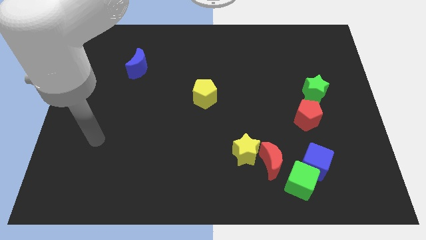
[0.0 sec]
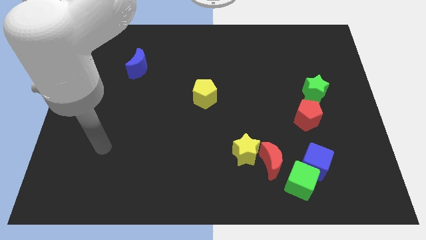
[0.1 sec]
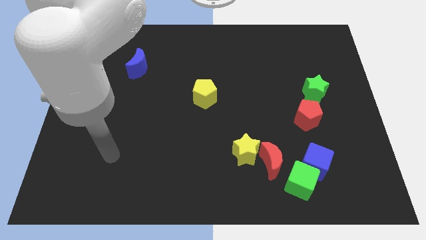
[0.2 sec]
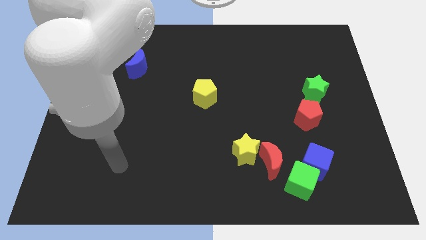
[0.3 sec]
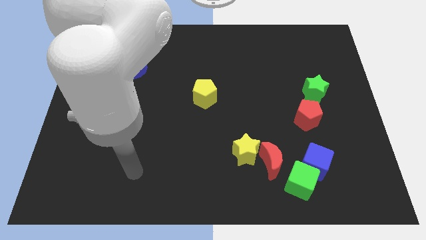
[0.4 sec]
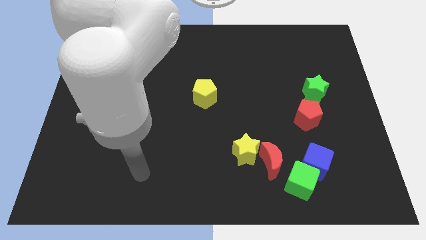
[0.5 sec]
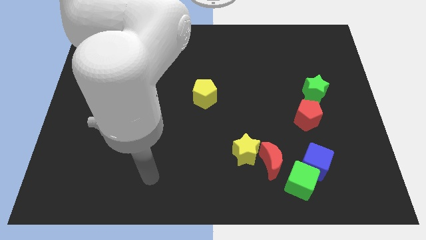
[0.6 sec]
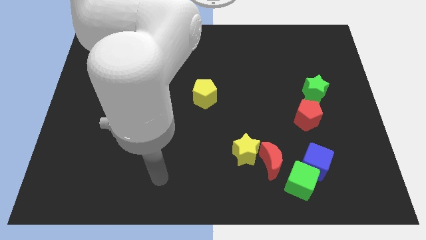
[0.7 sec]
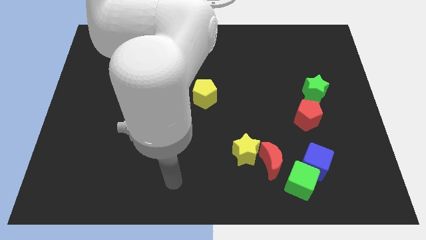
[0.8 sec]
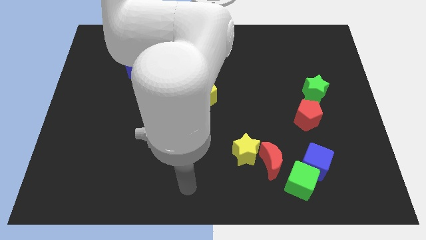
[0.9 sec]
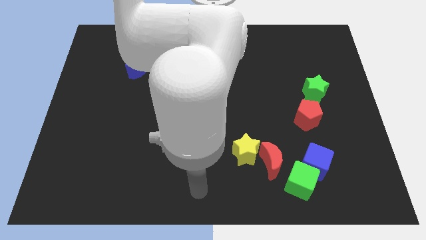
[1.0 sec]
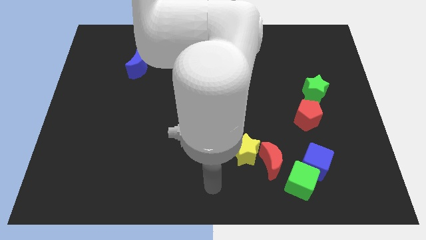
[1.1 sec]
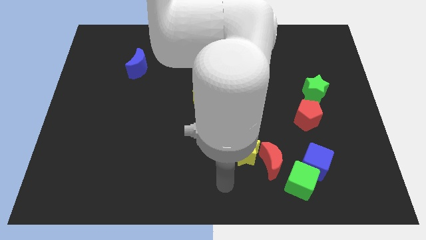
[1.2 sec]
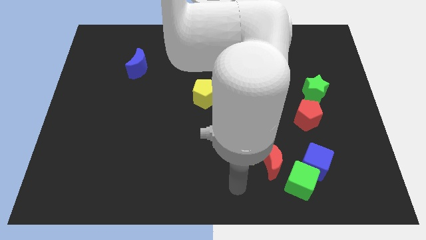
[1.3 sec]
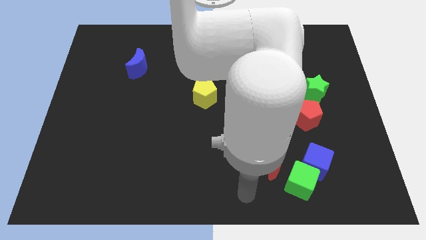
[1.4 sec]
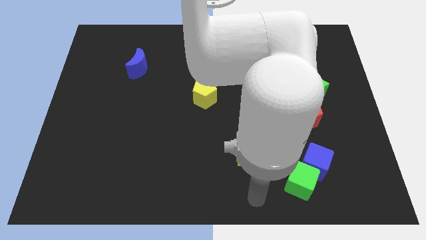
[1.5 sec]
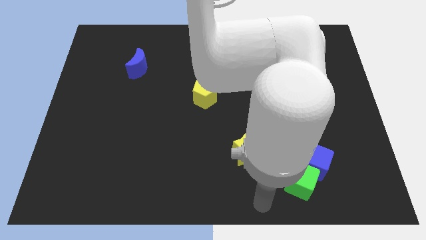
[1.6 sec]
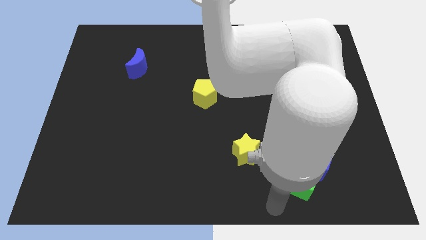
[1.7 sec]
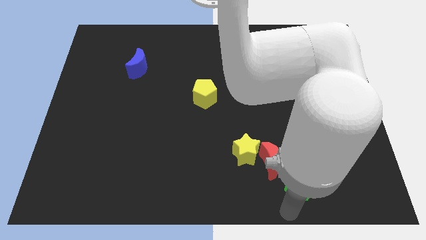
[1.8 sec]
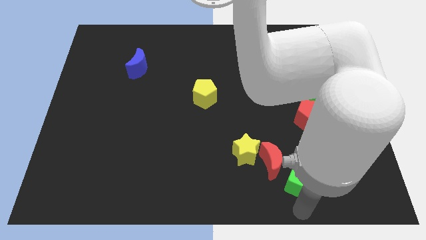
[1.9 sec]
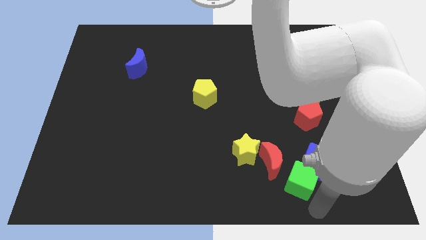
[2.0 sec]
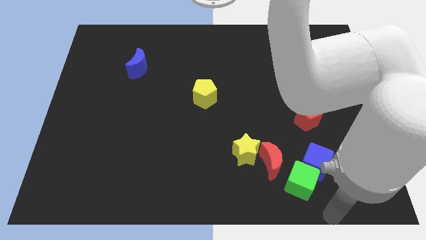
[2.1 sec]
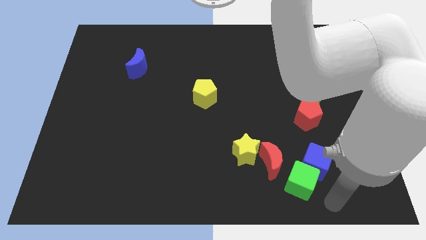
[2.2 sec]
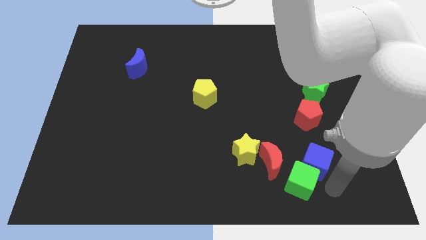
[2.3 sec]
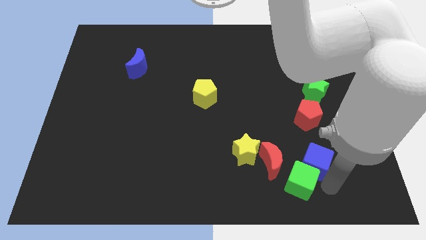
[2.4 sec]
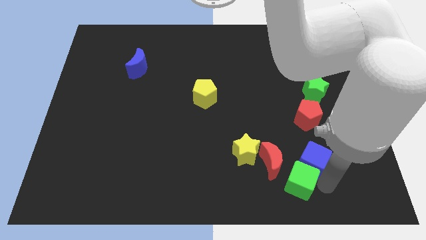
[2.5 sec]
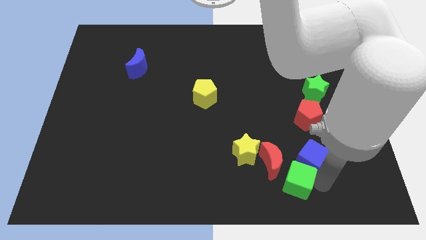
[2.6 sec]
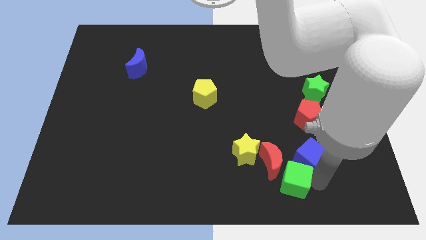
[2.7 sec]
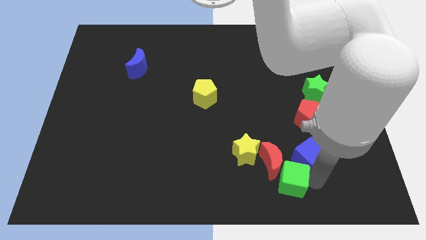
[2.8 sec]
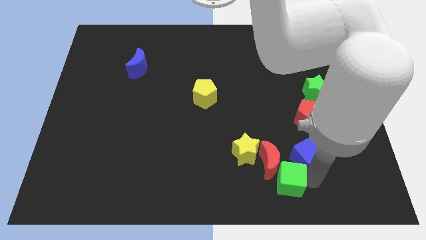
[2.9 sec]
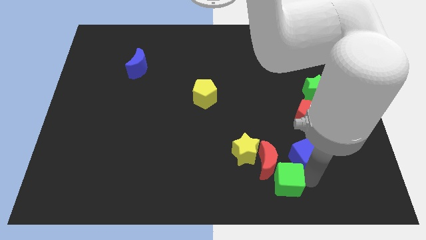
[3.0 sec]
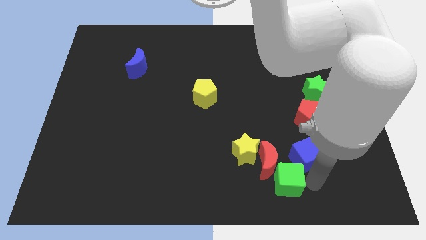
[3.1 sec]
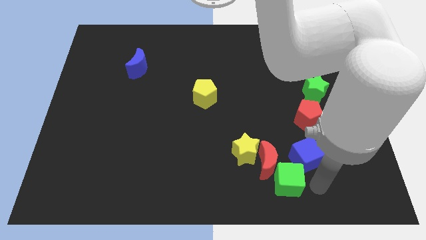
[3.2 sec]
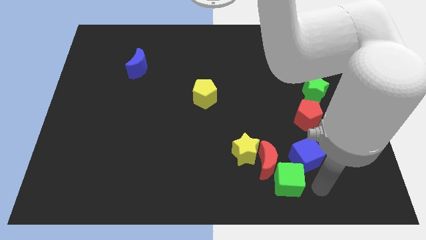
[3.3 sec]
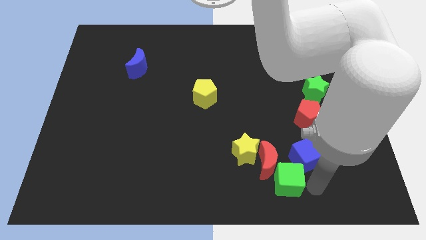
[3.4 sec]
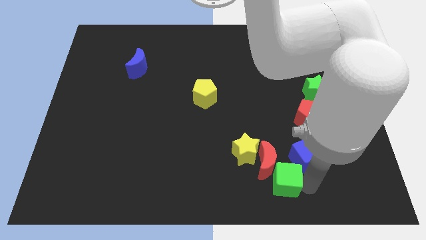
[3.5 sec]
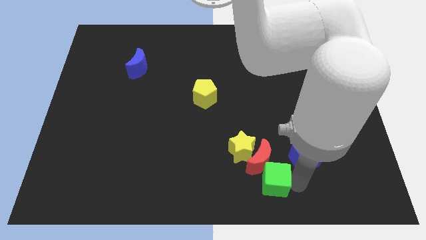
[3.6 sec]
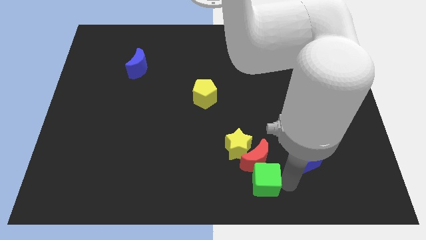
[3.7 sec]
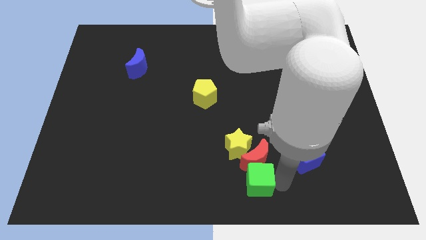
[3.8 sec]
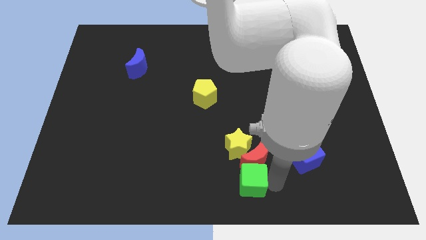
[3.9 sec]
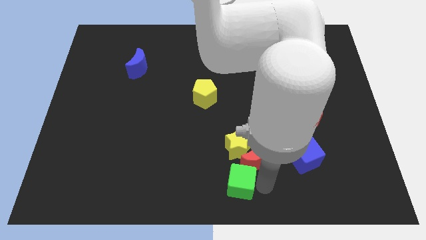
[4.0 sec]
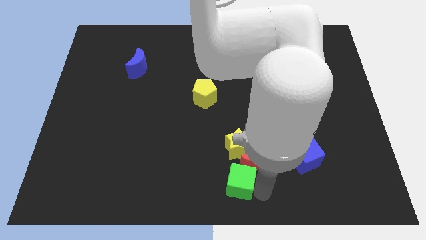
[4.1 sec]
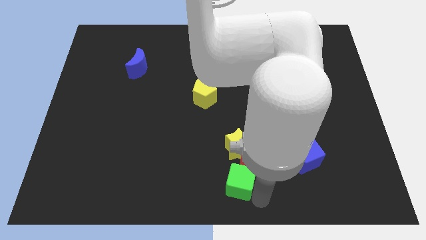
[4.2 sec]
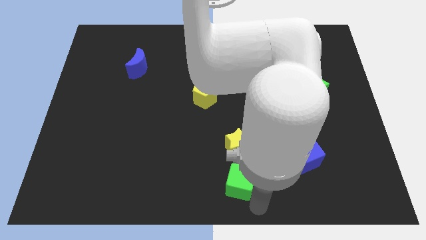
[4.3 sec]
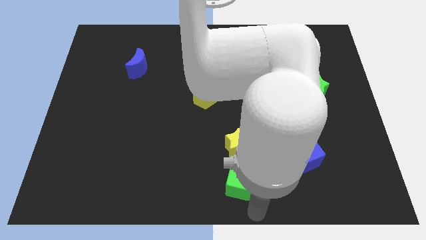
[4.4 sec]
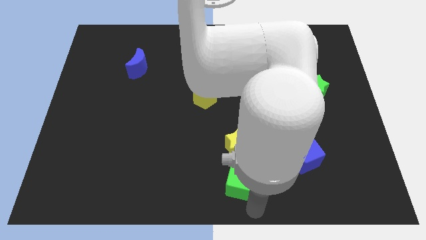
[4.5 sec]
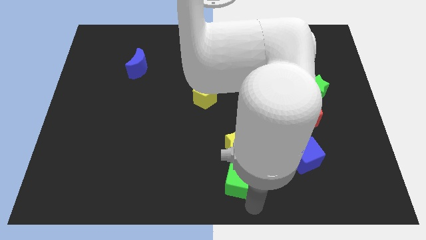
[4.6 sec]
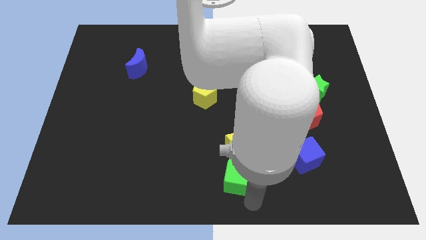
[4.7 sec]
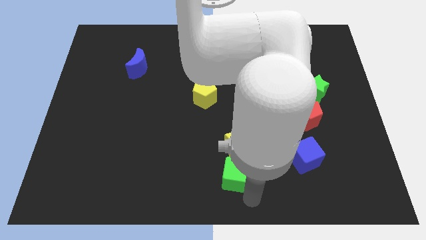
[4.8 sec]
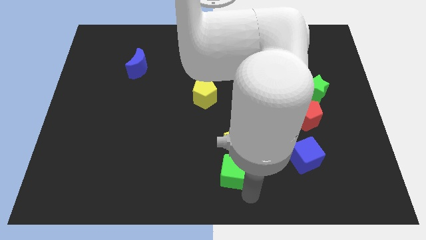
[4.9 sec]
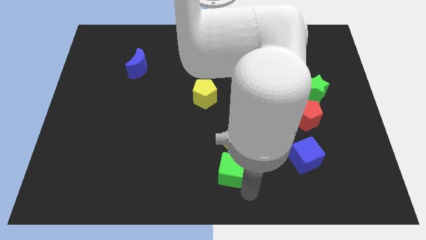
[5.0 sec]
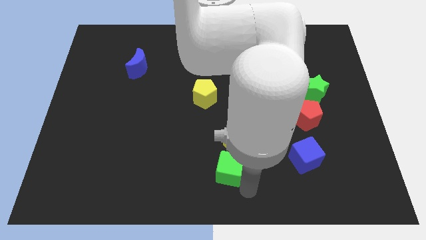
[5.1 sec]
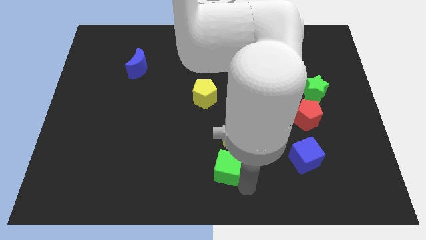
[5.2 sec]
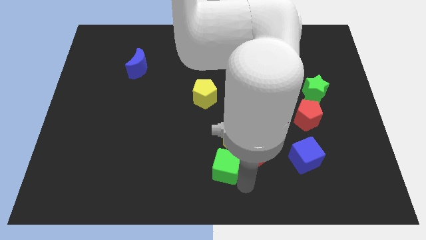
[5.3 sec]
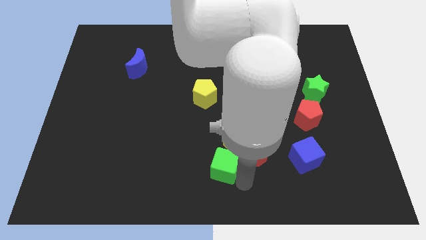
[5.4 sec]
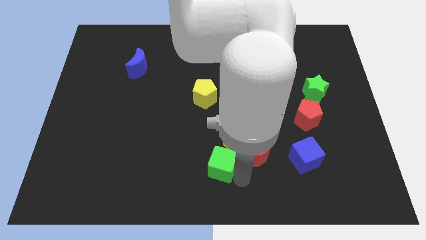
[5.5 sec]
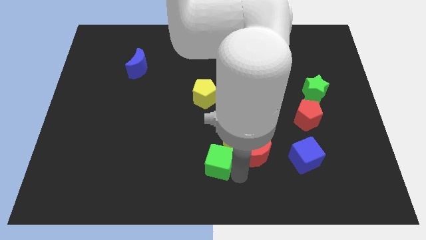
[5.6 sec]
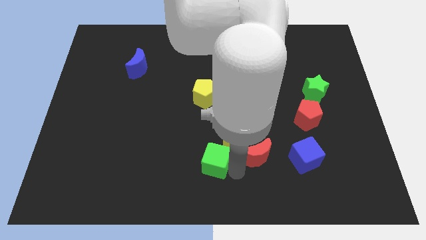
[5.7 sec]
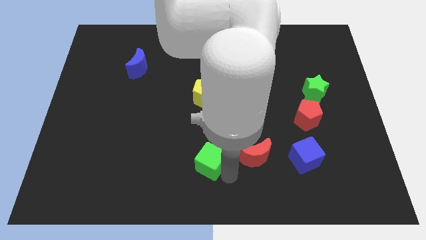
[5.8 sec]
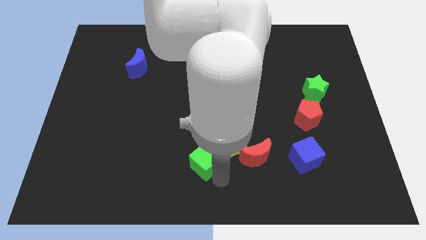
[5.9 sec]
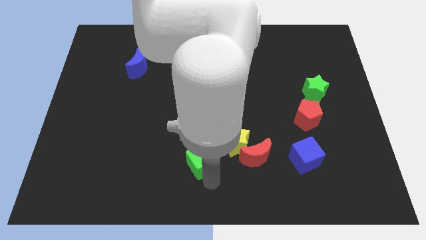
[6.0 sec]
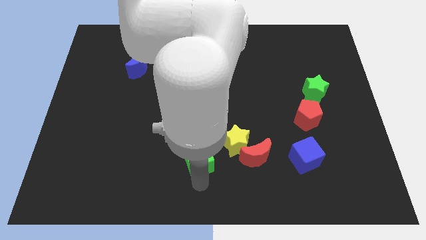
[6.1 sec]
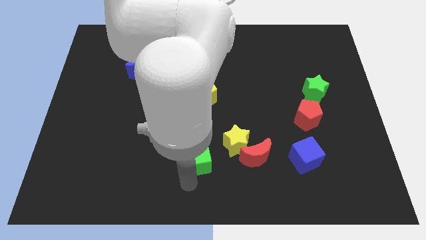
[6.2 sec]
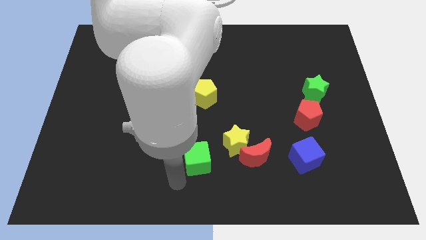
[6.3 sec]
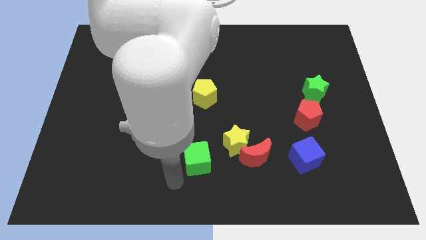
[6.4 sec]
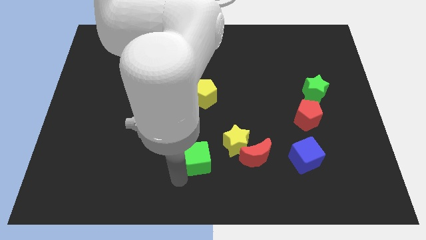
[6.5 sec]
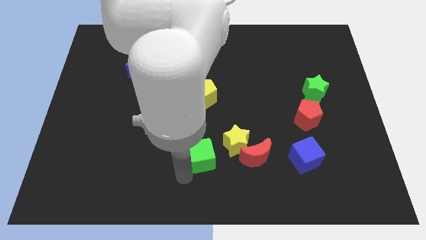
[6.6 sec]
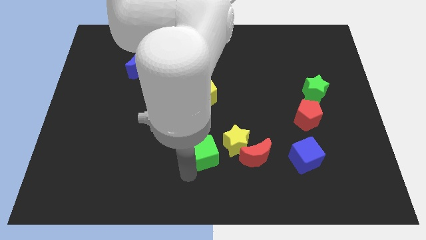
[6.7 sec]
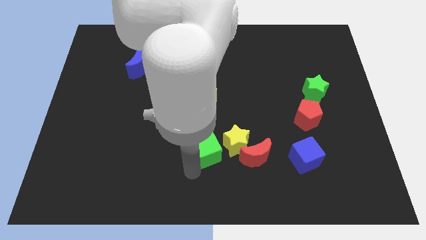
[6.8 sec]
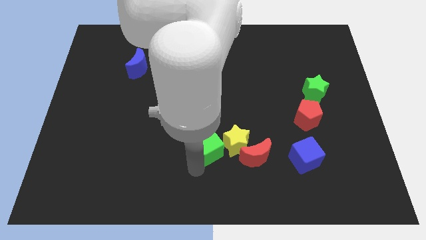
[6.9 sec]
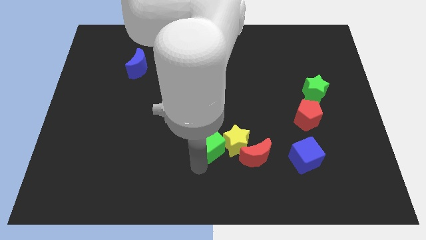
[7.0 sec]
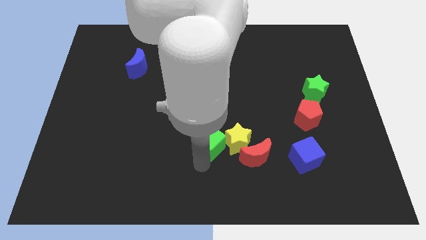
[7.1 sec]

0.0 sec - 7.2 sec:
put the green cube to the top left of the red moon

◆ ◆ ◆

● What is required: Set down every entry above exactly as written. Leave out all pictures.

● Final answer:
[0.0 sec]
[0.1 sec]
[0.2 sec]
[0.3 sec]
[0.4 sec]
[0.5 sec]
[0.6 sec]
[0.7 sec]
[0.8 sec]
[0.9 sec]
[1.0 sec]
[1.1 sec]
[1.2 sec]
[1.3 sec]
[1.4 sec]
[1.5 sec]
[1.6 sec]
[1.7 sec]
[1.8 sec]
[1.9 sec]
[2.0 sec]
[2.1 sec]
[2.2 sec]
[2.3 sec]
[2.4 sec]
[2.5 sec]
[2.6 sec]
[2.7 sec]
[2.8 sec]
[2.9 sec]
[3.0 sec]
[3.1 sec]
[3.2 sec]
[3.3 sec]
[3.4 sec]
[3.5 sec]
[3.6 sec]
[3.7 sec]
[3.8 sec]
[3.9 sec]
[4.0 sec]
[4.1 sec]
[4.2 sec]
[4.3 sec]
[4.4 sec]
[4.5 sec]
[4.6 sec]
[4.7 sec]
[4.8 sec]
[4.9 sec]
[5.0 sec]
[5.1 sec]
[5.2 sec]
[5.3 sec]
[5.4 sec]
[5.5 sec]
[5.6 sec]
[5.7 sec]
[5.8 sec]
[5.9 sec]
[6.0 sec]
[6.1 sec]
[6.2 sec]
[6.3 sec]
[6.4 sec]
[6.5 sec]
[6.6 sec]
[6.7 sec]
[6.8 sec]
[6.9 sec]
[7.0 sec]
[7.1 sec]

0.0 sec - 7.2 sec:
put the green cube to the top left of the red moon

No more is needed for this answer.